En Afrique, les changements tectoniques de l’économie mondiale dans un monde plus multipolaire ont déclenché une nouvelle ruée géopolitique pour l’influence diplomatique, stratégique et commerciale et les ressources naturelles du continent.
La compétitivité des grandes puissances dépend de l’accès aux minéraux critiques, au foncier et au capital humain et du contrôle des chaînes d’approvisionnement.
Les gouvernements africains doivent être à la tête de leurs économies, avec des politiques industrielles intelligentes et autonomes.
Au lieu de graviter autour d’activités économiques conditionnées de l’extérieur (telle que l’extraction à valeur ajoutée), l’idolâtrie de modèles industriels étrangers et un concept de modernisation importée (plus c’est grand, mieux c’est), la fragmentation sociale (l’urbain face au rural), la séquestration spatiale (ZES), il est urgent de réfléchir autrement: viser un changement structurel qui s’appuie sur les atouts existants (au lieu de les détruire) ; prioriser les investissements qui répondent à de nouvelles opportunités en ajoutant de la valeur pour les africains d’abord; identifier préalablement les domaines à prioriser dans un plan stratégique de 5-10 ans, par la découverte et l’écoute active des parties prenantes autochtones et, ensuite, les impliquer dans sa mise en œuvre; valoriser les connaissances et les compétences endogènes.

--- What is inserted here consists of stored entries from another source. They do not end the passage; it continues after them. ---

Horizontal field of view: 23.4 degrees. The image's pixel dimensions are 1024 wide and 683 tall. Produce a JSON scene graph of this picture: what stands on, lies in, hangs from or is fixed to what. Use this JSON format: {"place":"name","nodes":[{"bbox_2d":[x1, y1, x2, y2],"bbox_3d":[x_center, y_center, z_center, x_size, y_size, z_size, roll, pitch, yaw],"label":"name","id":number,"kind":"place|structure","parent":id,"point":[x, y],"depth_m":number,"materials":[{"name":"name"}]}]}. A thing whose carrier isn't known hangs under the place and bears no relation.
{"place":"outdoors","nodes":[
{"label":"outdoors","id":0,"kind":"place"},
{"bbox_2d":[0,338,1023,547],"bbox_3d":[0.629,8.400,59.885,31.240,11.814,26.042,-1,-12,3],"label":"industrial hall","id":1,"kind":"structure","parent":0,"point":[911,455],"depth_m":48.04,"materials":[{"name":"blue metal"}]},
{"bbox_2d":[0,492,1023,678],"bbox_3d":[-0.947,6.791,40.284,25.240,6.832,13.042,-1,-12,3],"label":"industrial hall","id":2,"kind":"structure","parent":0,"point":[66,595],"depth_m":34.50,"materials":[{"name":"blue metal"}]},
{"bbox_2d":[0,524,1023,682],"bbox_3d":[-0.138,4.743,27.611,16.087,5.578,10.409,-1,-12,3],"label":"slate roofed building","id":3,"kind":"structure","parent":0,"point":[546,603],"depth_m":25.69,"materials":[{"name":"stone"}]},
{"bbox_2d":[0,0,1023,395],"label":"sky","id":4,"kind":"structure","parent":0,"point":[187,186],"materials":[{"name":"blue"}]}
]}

Une politique industrielle intelligente mobilise les forces du secteur privé, de l’état, des syndicats, des éducateurs/trices, et de la société civile dans le but de renforcer la compétitivité économique propre.

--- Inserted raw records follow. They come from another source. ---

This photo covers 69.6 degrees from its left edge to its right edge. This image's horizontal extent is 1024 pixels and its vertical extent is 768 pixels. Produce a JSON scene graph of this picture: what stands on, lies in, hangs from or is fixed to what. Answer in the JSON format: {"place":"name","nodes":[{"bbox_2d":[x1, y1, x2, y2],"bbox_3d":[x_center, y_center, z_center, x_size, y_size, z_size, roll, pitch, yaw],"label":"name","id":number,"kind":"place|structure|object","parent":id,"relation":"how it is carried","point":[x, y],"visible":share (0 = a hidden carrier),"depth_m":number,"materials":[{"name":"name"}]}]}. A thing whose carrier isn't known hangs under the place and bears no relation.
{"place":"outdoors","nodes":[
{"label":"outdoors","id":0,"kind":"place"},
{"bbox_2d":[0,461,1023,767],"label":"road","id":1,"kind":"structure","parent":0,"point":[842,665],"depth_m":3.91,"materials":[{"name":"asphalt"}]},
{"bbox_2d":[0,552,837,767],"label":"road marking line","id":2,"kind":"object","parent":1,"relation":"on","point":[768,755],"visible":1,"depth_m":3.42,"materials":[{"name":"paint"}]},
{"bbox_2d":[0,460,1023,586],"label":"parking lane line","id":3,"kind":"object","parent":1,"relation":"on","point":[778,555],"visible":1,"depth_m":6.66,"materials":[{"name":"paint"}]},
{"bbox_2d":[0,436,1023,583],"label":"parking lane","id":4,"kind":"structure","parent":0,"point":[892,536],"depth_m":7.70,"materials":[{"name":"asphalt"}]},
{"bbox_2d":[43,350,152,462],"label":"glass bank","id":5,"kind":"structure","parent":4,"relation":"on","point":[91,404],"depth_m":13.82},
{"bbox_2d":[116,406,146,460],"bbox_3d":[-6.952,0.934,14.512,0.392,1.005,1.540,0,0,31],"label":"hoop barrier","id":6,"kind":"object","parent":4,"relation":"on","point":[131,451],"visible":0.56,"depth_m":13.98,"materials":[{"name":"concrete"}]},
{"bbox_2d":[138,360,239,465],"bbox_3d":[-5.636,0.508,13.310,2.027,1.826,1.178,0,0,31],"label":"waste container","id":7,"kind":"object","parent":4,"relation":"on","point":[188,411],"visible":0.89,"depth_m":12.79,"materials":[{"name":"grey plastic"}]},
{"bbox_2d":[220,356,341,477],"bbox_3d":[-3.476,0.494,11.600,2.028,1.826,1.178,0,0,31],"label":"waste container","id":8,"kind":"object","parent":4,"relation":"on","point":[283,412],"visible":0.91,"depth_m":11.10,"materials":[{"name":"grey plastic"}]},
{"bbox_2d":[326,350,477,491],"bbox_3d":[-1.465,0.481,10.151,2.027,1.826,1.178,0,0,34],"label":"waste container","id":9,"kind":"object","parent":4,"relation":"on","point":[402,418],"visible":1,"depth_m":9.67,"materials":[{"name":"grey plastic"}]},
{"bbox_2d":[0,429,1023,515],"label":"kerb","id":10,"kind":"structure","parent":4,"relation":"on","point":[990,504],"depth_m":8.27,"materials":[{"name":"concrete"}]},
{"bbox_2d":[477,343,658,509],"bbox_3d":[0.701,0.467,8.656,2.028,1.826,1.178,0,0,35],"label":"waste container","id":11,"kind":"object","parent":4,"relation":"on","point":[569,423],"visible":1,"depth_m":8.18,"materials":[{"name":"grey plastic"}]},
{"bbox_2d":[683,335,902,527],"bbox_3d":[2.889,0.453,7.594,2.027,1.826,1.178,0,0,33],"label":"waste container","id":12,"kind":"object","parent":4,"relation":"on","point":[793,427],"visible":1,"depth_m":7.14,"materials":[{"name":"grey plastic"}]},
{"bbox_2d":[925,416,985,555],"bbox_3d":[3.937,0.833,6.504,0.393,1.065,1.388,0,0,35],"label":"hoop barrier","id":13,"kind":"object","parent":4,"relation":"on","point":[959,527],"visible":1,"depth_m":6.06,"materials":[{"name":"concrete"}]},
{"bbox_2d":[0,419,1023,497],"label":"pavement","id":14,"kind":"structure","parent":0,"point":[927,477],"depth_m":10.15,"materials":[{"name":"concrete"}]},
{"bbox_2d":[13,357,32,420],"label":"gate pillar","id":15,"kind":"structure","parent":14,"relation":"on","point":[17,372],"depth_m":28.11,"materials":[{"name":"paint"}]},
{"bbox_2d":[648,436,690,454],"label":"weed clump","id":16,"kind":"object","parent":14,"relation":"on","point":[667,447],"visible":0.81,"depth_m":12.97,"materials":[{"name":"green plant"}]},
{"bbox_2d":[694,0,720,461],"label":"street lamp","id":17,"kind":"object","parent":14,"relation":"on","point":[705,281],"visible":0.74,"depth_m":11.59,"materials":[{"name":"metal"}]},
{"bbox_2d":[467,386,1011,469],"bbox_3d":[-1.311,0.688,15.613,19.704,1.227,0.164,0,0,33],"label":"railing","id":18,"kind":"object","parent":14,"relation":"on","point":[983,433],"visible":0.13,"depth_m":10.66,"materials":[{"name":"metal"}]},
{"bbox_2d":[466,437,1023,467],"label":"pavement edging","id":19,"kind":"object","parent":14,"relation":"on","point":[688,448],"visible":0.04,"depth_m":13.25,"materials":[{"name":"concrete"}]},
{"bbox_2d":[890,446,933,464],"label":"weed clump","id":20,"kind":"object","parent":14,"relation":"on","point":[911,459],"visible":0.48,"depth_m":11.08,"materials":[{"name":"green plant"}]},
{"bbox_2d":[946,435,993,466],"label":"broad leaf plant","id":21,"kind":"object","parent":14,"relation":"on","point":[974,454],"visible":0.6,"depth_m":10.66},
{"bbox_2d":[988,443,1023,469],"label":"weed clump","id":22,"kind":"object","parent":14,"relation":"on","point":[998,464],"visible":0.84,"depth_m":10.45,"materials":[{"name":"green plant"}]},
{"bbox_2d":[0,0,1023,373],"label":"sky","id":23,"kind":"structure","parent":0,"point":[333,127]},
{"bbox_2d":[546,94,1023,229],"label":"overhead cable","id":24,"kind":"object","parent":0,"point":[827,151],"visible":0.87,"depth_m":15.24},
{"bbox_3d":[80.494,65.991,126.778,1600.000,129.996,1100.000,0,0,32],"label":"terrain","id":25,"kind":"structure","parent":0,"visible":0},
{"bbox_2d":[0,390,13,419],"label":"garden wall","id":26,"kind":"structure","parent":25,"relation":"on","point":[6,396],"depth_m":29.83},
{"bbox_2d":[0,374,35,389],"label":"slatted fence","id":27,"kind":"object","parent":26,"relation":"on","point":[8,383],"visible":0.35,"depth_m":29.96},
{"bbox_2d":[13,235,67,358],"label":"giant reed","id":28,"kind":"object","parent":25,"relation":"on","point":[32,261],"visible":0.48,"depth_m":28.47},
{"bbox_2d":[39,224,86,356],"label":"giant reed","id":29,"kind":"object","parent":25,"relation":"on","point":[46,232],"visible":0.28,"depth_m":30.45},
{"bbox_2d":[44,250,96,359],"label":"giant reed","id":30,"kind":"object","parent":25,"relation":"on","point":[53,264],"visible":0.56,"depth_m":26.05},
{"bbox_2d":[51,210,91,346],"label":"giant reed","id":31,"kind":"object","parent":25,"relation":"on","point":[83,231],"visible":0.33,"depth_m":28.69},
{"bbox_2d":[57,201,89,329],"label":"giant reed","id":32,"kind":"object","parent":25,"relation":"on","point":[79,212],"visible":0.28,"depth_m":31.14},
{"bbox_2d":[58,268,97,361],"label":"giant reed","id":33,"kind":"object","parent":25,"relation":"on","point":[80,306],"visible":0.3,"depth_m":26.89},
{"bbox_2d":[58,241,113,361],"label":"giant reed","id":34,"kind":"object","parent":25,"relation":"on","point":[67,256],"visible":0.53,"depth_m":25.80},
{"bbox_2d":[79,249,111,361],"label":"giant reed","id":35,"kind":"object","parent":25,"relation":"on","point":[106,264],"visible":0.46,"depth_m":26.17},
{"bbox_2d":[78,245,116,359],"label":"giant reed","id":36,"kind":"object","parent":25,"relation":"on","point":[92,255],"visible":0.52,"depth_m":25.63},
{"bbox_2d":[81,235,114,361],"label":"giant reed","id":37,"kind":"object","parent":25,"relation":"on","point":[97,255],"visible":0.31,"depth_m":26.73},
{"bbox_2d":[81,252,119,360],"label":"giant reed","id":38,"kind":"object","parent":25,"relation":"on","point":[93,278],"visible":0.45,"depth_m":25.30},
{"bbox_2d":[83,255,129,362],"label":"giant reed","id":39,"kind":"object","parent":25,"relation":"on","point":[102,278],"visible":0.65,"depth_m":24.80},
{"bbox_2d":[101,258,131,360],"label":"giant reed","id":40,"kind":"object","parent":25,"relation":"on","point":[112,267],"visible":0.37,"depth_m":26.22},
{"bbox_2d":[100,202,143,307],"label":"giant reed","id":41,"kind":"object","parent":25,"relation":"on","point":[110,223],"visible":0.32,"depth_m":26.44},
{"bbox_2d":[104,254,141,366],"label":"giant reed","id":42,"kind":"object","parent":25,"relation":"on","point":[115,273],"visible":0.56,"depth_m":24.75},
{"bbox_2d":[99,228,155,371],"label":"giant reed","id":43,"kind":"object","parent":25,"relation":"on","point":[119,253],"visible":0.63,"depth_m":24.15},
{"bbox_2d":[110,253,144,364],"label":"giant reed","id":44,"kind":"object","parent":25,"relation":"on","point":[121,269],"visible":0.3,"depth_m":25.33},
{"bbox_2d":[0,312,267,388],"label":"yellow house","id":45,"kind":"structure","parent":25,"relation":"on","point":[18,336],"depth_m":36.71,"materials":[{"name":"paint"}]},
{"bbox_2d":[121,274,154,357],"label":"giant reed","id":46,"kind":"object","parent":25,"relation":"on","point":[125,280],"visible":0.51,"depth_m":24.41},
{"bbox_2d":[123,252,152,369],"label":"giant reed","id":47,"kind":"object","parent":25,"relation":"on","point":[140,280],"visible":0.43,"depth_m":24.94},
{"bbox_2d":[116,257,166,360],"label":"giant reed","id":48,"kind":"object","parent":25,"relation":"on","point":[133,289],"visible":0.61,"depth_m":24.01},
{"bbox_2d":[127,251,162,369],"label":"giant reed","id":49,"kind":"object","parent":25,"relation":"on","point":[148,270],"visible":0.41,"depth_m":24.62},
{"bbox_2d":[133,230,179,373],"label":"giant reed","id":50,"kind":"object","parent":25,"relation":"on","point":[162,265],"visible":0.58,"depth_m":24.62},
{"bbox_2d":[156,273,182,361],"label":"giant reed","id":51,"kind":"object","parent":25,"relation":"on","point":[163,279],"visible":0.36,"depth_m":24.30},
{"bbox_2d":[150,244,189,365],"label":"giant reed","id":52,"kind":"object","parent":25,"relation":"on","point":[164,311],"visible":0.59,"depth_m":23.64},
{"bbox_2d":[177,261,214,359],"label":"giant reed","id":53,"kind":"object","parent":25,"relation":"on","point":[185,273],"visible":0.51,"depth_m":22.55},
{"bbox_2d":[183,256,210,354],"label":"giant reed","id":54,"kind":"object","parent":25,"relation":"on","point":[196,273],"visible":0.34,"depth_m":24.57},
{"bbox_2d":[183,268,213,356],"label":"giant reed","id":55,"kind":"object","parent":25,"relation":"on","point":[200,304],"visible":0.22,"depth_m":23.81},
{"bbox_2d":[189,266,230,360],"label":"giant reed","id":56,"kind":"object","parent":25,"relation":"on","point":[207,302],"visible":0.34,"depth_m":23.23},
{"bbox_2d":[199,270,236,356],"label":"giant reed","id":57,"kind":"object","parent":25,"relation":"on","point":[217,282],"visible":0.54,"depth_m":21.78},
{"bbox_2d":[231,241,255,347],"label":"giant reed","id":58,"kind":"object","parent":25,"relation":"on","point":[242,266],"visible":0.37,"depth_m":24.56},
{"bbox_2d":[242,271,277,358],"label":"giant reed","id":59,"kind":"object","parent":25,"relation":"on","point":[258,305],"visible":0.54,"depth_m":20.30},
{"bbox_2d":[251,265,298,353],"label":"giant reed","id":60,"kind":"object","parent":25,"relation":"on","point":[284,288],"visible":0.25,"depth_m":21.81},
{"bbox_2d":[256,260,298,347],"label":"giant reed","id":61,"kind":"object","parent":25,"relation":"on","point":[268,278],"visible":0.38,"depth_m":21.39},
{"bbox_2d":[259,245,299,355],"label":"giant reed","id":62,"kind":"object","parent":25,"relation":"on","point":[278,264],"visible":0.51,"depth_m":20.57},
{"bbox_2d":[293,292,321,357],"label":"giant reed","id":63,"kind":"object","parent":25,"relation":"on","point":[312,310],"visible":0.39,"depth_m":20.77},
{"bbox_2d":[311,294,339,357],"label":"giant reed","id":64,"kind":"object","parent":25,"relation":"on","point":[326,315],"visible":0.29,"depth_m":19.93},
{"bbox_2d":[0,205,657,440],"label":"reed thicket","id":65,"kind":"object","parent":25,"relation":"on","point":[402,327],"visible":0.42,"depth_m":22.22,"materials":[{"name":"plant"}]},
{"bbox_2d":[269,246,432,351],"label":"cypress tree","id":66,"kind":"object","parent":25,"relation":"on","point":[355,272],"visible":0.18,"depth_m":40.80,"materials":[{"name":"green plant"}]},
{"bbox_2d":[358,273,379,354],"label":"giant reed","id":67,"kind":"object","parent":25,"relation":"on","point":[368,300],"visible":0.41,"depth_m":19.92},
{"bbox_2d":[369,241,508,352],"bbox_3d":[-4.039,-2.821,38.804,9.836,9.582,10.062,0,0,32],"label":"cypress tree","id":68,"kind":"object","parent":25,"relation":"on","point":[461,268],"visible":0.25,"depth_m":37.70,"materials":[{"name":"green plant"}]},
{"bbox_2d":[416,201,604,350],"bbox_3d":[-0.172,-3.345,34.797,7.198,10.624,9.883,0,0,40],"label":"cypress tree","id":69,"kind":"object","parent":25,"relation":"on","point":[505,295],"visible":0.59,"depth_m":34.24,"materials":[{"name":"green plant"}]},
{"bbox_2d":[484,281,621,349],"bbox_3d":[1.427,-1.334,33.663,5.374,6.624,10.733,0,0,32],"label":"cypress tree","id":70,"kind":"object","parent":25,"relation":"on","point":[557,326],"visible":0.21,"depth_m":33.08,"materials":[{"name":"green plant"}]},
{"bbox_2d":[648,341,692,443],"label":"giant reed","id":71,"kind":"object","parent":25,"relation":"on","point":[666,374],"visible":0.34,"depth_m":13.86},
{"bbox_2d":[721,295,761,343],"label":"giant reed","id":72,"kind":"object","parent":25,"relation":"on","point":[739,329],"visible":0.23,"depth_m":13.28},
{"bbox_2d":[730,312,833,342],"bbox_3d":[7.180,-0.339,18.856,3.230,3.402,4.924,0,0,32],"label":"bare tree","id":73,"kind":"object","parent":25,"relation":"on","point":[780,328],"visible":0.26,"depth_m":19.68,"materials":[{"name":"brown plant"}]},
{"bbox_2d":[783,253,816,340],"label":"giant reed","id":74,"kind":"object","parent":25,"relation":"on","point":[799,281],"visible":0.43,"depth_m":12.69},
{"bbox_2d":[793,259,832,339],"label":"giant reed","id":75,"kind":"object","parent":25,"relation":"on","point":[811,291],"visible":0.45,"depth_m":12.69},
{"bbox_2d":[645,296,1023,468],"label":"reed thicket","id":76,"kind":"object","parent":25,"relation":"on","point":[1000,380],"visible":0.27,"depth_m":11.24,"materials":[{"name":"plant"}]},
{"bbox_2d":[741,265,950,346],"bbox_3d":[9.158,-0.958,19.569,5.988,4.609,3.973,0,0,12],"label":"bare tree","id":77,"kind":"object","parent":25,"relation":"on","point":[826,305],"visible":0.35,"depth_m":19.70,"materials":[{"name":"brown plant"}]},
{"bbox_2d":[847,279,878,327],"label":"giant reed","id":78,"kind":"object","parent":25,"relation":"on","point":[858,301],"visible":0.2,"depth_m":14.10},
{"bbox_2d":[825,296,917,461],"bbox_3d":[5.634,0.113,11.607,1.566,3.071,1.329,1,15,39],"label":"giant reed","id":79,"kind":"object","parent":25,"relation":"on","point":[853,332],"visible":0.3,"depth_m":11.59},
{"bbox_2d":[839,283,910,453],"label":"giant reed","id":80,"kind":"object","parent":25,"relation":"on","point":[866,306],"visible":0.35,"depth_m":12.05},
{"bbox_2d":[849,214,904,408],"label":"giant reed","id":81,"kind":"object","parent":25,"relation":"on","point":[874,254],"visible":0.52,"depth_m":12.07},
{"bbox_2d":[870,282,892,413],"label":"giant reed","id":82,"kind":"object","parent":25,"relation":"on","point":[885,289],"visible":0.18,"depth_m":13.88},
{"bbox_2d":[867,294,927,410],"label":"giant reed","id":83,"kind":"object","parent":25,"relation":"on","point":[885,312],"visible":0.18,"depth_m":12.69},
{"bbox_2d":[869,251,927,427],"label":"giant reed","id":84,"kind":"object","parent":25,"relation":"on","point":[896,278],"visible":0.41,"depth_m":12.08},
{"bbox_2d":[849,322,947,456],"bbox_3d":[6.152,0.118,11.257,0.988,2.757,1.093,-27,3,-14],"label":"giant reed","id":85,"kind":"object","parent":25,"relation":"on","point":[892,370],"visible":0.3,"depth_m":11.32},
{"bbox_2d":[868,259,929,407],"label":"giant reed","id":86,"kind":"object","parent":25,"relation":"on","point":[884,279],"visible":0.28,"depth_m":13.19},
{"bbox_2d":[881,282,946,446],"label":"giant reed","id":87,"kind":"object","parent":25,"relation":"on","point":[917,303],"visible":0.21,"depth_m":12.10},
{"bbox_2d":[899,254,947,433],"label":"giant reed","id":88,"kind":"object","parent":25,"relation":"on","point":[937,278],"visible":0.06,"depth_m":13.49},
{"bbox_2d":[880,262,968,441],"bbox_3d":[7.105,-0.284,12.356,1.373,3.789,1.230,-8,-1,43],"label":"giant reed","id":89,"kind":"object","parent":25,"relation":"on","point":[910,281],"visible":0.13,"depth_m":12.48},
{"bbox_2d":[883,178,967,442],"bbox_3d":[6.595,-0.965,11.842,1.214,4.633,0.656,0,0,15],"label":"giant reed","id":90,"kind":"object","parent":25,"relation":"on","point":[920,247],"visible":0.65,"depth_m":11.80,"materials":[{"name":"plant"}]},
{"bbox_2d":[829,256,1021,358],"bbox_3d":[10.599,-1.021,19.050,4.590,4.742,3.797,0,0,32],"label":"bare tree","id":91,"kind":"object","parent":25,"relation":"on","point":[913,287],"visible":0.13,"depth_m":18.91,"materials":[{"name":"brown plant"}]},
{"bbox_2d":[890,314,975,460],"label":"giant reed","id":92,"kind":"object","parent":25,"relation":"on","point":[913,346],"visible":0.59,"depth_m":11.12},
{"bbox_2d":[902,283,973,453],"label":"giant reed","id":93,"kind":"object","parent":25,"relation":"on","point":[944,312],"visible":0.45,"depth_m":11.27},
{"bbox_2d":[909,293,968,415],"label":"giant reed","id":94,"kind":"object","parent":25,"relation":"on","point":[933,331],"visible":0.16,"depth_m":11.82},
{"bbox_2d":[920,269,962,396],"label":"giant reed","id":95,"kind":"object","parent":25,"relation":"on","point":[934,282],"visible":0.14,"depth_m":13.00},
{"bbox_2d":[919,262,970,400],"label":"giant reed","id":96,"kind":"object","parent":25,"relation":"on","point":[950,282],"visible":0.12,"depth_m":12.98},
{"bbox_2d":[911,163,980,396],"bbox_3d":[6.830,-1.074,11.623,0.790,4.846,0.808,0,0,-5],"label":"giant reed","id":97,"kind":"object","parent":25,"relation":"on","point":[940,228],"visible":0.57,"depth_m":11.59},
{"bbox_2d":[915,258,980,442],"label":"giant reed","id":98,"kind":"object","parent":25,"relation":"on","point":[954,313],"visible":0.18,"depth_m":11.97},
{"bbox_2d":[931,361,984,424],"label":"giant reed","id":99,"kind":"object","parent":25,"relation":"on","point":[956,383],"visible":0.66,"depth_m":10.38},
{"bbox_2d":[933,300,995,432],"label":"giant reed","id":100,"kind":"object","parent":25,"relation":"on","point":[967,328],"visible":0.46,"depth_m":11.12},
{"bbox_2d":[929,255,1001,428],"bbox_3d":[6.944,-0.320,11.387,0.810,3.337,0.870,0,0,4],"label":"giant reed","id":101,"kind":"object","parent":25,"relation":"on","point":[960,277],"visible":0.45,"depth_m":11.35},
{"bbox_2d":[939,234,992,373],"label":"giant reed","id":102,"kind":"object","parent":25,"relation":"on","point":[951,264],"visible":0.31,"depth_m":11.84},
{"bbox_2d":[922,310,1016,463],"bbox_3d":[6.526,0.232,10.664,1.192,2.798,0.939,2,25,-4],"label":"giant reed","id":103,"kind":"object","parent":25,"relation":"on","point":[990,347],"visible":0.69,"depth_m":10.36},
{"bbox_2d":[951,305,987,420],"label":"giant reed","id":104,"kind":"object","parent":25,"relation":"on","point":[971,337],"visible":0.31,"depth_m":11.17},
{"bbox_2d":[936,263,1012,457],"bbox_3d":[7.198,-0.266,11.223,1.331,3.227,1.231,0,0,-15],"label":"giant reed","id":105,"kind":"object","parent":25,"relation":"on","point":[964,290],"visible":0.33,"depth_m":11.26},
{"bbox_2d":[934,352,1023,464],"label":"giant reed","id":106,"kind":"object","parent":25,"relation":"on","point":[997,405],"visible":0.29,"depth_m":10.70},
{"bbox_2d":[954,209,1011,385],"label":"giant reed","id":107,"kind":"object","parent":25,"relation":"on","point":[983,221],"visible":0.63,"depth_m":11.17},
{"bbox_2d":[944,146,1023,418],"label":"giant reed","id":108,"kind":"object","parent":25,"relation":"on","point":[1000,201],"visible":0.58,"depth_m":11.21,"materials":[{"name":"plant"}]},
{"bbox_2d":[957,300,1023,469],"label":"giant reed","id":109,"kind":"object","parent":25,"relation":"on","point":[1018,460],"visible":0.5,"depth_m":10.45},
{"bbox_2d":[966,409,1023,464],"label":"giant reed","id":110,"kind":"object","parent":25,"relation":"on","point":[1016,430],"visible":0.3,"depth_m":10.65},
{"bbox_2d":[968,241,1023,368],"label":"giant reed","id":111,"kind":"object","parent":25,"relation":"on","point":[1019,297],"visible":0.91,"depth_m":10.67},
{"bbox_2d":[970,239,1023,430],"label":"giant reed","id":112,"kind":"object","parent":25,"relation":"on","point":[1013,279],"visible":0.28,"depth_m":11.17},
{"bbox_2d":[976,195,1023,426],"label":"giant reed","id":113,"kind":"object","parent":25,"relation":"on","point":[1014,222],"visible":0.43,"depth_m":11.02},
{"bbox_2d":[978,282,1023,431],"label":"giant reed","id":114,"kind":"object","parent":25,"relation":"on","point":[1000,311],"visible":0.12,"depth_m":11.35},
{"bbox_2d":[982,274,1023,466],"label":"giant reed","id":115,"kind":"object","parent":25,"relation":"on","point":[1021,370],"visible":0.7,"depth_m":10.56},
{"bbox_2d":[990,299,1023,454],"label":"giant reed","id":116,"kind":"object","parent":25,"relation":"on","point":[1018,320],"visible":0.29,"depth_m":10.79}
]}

Une industrie manufacturière solide et distinctive est essentielle: elle génère des économies d’échelle; suscite l’innovation et des produits et des industries nouveaux; a des effets multiplicateurs. Les politiques en matière de commerce, d’investissement, de R+D+i et d’éducation/formation doivent s’articuler autour de niches compétitives et tenant compte de ce que font les autres pays.
Les composantes territoriales et spatiales doivent s’intégrer sur la base de données probantes et inclusives, pour assurer des stratégies efficaces et innovantes. Les ministres africains ont une rare opportunité d’élaborer des politiques industrielles qui font rupture avec celles imposées dans le passé et de se situer entre le dogme centré sur l’État et celui centré sur le marché.
Ils peuvent soutenir des activités économiques qui activent une stratégie nationale, régionale et continentale intégrée et construire de nouvelles formes d’interaction public-privé pour une résilience économique. Surmonter la dépendance de trajectoire dépend d’une diversification des chaînes d’approvisionnement, de la fiabilité des partenaires, du respect mutuel, et de la confiance réciproque.
Ce n’est guère une question de révolution industrielle africaine sinon d’un développement industriel propre libéré de l’emprise des étrangers qui cherchent à protéger leurs intérêts au dépens de ceux des africains.